Damals war es einfach bitter. Doch nach überstandener Krankheit und der Erkenntnis, dass die Chancen auf dem regulären Arbeitsmarkt verschwindend gering sind, haben er und seine Frau Kerstin sich zum Schritt in die Selbstständigkeit entschlossen. Neben der Firma seines mittlerweile verstorbenen Vaters wurde die Tankstelle gebaut. Währenddessen kam mit der Krebserkrankung der Frau der nächste Rückschlag, doch Aufgeben war keine Option, sondern weiterkämpfen. Nach überstandener Krankheit und mit mittlerweile vier Kindern haben die Schmuckers nicht nur die Kasendorfer Tankstelle, sondern auch ein Büchergeschäft mit Poststelle in Mainleus, das sie erfolgreich betreiben. "Doch irgendwann muss mal Schluss sein", sagt Manfred Schmucker, "man kann nicht nur arbeiten und sich abhetzen." Und so hat sich die Familie dazu entschlossen, sich auf ihr Mainleuser Standbein zu konzentrieren.

Mehr Zeit für die Familie

Manfred Schmucker selbst, der als mitarbeitender Angehöriger ja vor allem in Kasendorf beschäftigt war wird jetzt etwas mehr Zeit haben. Zum Beispiel für seine jüngste Tochter, die 15-jährige Mirella. "Sie spielt super Fußball. Wenn sie noch besser werden will, kann ich sie da in Zukunft mehr unterstützen." Außerdem ist im Mainleuser Laden natürlich einiges zu tun. Den will die Familie so aufstellen, dass es auch im Alter noch zum Lebensunterhalt reicht.
Im Wohnhaus der Familie in der Ortsmitte von Kasendorf sei auch seit Jahren nicht mehr gemacht worden, da bestehe dringender Nachholbedarf, sieht Schmucker weitere Aufgaben. Und der Kasendorfer will auch gerne mit einer eigenen Karriere beruflich nochmal durchstarten. "Ich melde mich natürlich Arbeit suchend, denn ich bin immerhin Diplom-Betriebswirt."
Doch bis es soweit ist, hat er natürlich einen Plan B. "Wenn Sie nächste Woche einen Baum zu fällen haben, dann mache ich das auch gerne", versichert er und lacht.

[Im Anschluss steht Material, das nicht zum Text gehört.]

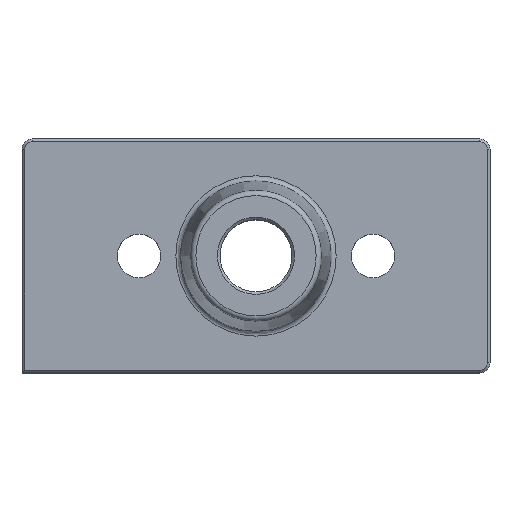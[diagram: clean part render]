
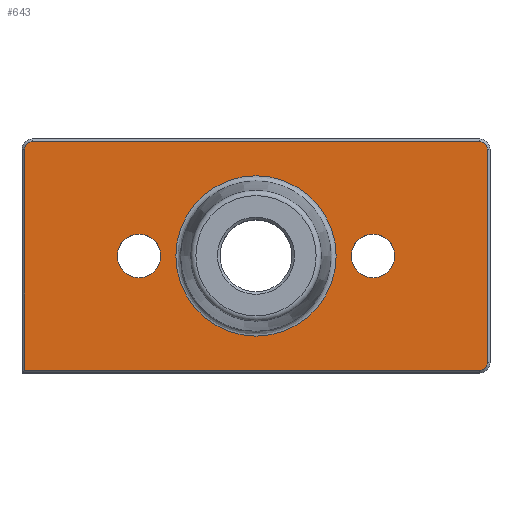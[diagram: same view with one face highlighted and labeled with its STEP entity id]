
A CAD part, top view. The second image highlights one B-rep face of the part: STEP entity #643.
In plain terms, the highlighted planar face has unit normal (0, 0, 1).
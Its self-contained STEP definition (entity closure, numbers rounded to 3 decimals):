
#276=CARTESIAN_POINT('',(43.0,-22.0,0.0));
#277=VERTEX_POINT('',#276);
#284=CARTESIAN_POINT('',(-44.5,-22.0,0.0));
#285=VERTEX_POINT('',#284);
#286=CARTESIAN_POINT('',(43.0,-22.0,0.0));
#287=DIRECTION('',(-1.0,0.0,0.0));
#288=VECTOR('',#287,87.5);
#289=LINE('',#286,#288);
#290=EDGE_CURVE('',#277,#285,#289,.T.);
#316=CARTESIAN_POINT('',(-43.0,22.0,0.0));
#317=VERTEX_POINT('',#316);
#324=CARTESIAN_POINT('',(43.,22.0,0.0));
#325=VERTEX_POINT('',#324);
#326=CARTESIAN_POINT('',(-43.0,22.0,0.0));
#327=DIRECTION('',(1.0,0.0,0.0));
#328=VECTOR('',#327,86.0);
#329=LINE('',#326,#328);
#330=EDGE_CURVE('',#317,#325,#329,.T.);
#356=CARTESIAN_POINT('',(-44.5,20.5,0.0));
#357=VERTEX_POINT('',#356);
#364=CARTESIAN_POINT('',(-43.0,20.5,0.0));
#365=DIRECTION('',(0.0,0.0,-1.));
#366=DIRECTION('',(-0.707,0.707,0.0));
#367=AXIS2_PLACEMENT_3D('',#364,#365,#366);
#368=CIRCLE('',#367,1.5);
#369=EDGE_CURVE('',#357,#317,#368,.T.);
#387=CARTESIAN_POINT('',(44.5,20.5,0.0));
#388=VERTEX_POINT('',#387);
#405=CARTESIAN_POINT('',(43.,20.5,0.0));
#406=DIRECTION('',(0.0,0.0,-1.0));
#407=DIRECTION('',(0.707,0.707,0.0));
#408=AXIS2_PLACEMENT_3D('',#405,#406,#407);
#409=CIRCLE('',#408,1.5);
#410=EDGE_CURVE('',#325,#388,#409,.T.);
#420=CARTESIAN_POINT('',(-44.5,-22.0,0.0));
#421=DIRECTION('',(0.0,1.0,0.0));
#422=VECTOR('',#421,42.5);
#423=LINE('',#420,#422);
#424=EDGE_CURVE('',#285,#357,#423,.T.);
#442=CARTESIAN_POINT('',(44.5,-20.5,0.0));
#443=VERTEX_POINT('',#442);
#459=CARTESIAN_POINT('',(44.5,20.5,0.0));
#460=DIRECTION('',(0.0,-1.0,0.0));
#461=VECTOR('',#460,41.0);
#462=LINE('',#459,#461);
#463=EDGE_CURVE('',#388,#443,#462,.T.);
#482=CARTESIAN_POINT('',(43.0,-20.5,0.0));
#483=DIRECTION('',(0.0,0.0,-1.));
#484=DIRECTION('',(0.707,-0.707,0.0));
#485=AXIS2_PLACEMENT_3D('',#482,#483,#484);
#486=CIRCLE('',#485,1.5);
#487=EDGE_CURVE('',#443,#277,#486,.T.);
#596=CARTESIAN_POINT('',(0.,0.0,0.0));
#597=DIRECTION('',(0.0,0.0,1.0));
#598=DIRECTION('',(1.0,0.0,0.0));
#599=AXIS2_PLACEMENT_3D('',#596,#597,#598);
#600=PLANE('',#599);
#601=ORIENTED_EDGE('',*,*,#330,.F.);
#602=ORIENTED_EDGE('',*,*,#369,.F.);
#603=ORIENTED_EDGE('',*,*,#424,.F.);
#604=ORIENTED_EDGE('',*,*,#290,.F.);
#605=ORIENTED_EDGE('',*,*,#487,.F.);
#606=ORIENTED_EDGE('',*,*,#463,.F.);
#607=ORIENTED_EDGE('',*,*,#410,.F.);
#608=EDGE_LOOP('',(#601,#602,#603,#604,#605,#606,#607));
#609=FACE_OUTER_BOUND('',#608,.T.);
#610=CARTESIAN_POINT('',(15.416,0.,0.0));
#611=VERTEX_POINT('',#610);
#612=CARTESIAN_POINT('',(0.,0.,0.0));
#613=DIRECTION('',(0.0,0.0,1.0));
#614=DIRECTION('',(-1.0,0.0,0.0));
#615=AXIS2_PLACEMENT_3D('',#612,#613,#614);
#616=CIRCLE('',#615,15.416);
#617=EDGE_CURVE('',#611,#611,#616,.T.);
#618=ORIENTED_EDGE('',*,*,#617,.F.);
#619=EDGE_LOOP('',(#618));
#620=FACE_BOUND('',#619,.T.);
#621=CARTESIAN_POINT('',(26.7,0.,0.));
#622=VERTEX_POINT('',#621);
#623=CARTESIAN_POINT('',(22.5,0.0,0.));
#624=DIRECTION('',(0.0,0.0,-1.0));
#625=DIRECTION('',(-1.0,0.0,0.0));
#626=AXIS2_PLACEMENT_3D('',#623,#624,#625);
#627=CIRCLE('',#626,4.2);
#628=EDGE_CURVE('',#622,#622,#627,.T.);
#629=ORIENTED_EDGE('',*,*,#628,.T.);
#630=EDGE_LOOP('',(#629));
#631=FACE_BOUND('',#630,.T.);
#632=CARTESIAN_POINT('',(-18.3,0.,0.));
#633=VERTEX_POINT('',#632);
#634=CARTESIAN_POINT('',(-22.5,0.0,0.));
#635=DIRECTION('',(0.0,0.0,-1.0));
#636=DIRECTION('',(-1.0,0.0,0.0));
#637=AXIS2_PLACEMENT_3D('',#634,#635,#636);
#638=CIRCLE('',#637,4.2);
#639=EDGE_CURVE('',#633,#633,#638,.T.);
#640=ORIENTED_EDGE('',*,*,#639,.T.);
#641=EDGE_LOOP('',(#640));
#642=FACE_BOUND('',#641,.T.);
#643=ADVANCED_FACE('',(#609,#620,#631,#642),#600,.T.);

Nach 21 Jahren mal wieder Urlaub

Am wichtigsten ist es für ihn, selbstständig zu bleiben, und das nicht im rechtlichen Sinne. "Ich will frei sein, nicht an Dingen festhalten. Deshalb schaffe ich es auch, mich von der Tankstelle zu trennen." Und er will endlich einmal mit seiner Frau in den Urlaub fahren, das haben sie seit 21 Jahren nicht mehr gemacht. Vielleicht in die Nähe von Hannover, wo eine der Töchter mit zwei Enkelkindern lebt.
Die Zukunft sieht gut aus für Manfred Schmucker, auch persönlich. "Ich bin kein grummeliger Mensch. Ich weiß, ich sehe oft so aus, wenn ich nachdenke, aber ich bin es nicht. Ich will mir endlich diese Sorgen hier nicht mehr machen müssen. Ich will endlich wieder richtig lachen und fröhlich mit den Menschen umgehen können. Darauf freue ich mich."